Once the wire has been fished through, bend it's end over to "crimp" it in place ...











Then, solder that on, with easy access from the underside of the motor. After soldering, I use a Dremel to grind down the solder bead reasonably flush (more or less) with the black fiber plate. This ensure that the Lionel nameplate will be positioned flush.











With the new power lead attached, I show here how I can bench-test the motor with some jumper leads. The e-unit has been removed, for now ... that's a project for later. Current flows through the brush cans and armature (orientation to be toggled via e-unit for loco direction flip-flop), and then downstream through the field coil, and then to the field coil metal plates, which are grounded to the motor frame and outer wheels...

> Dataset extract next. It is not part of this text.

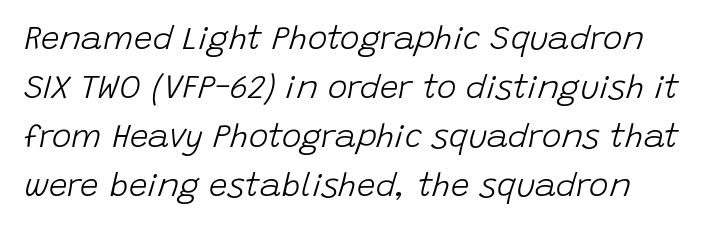
The image shows 33 px light type, italic (leaning right); set left-aligned, normal line spacing (1.48x), normal letter spacing, not underlined; low stroke contrast and a large x-height.
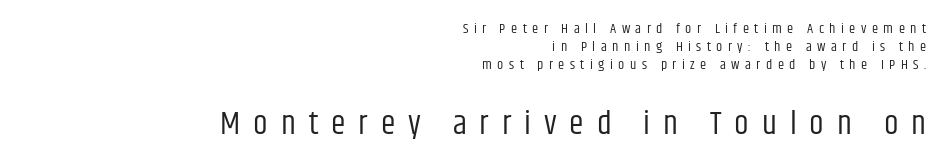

And ... SUCCESS!!! ... this old motor spins once again like a champ!

Regards,

TJ


----------



## gunrunnerjohn

It'll be humming down the tracks with a new paint job in no time.


----------



## tjcruiser

I've rewired the 221 motor.

The e-unit took some finessing. The tiny inner wire lead to the solenoid coil had been broken off close to the coil. There was just enough "tail" for me to solder on an extension, though it's just a solder-held joint, with no wire twists. I wrapped the joint in heat shrink, and put a dap of hot glue over it to restrict any damaging bumps.

The mechanics of the motor includes several stepped reduction gears. One thing that's interesting is the inertial effect on the motor when power is turned off ... the motor keeps charging down the track for a ways, dissipating all of that inertial energy. Brute force power, I call it! Yeehaa!!!

TJ


----------



## BigAl56

Nice restoration job. This has been Like watching that cable show _American Restoration_


----------



## seabilliau

I'm looking forward to the body work segment... After a word from our sponsors.


----------



## tjcruiser

areizman said:


> Nice restoration job. This has been Like watching that cable show _American Restoration_


Thanks, guys.

I love that show, but I'm always amazed how the guy comes up with his cost estimates in about 8 seconds ... "Ahhh ... breakdown, 4 hours of body work, fabricate a few parts, 6 hours of custom paint ... yeah ... we're lookin' at around $6500."  I'm not questioning his price ... I just have no idea how he can calculate all that's involved so fast!


----------



## gunrunnerjohn

It's a television show TJ, things happen quickly!


----------



## Big Ed

Nice....neat....work.:thumbsup:

Gears look kind of dry?


----------



## eljefe

areizman said:


> Nice restoration job. This has been Like watching that cable show _American Restoration_


I hope TJ is a lot better looking than the guys on that show...


----------



## tjcruiser

big ed said:


> Gears look kind of dry?


Old Hawk Eye Ed strikes again. Spot on. The motor's gonna sit idle for a few months until I tackle the shell redo (springtime painting), so I haven't lubed the motor yet. I should though, I guess, just to prevent any oxidation. OK, Ed ... you got me. 



eljefe said:


> I hope TJ is a lot better looking than the guys on that show...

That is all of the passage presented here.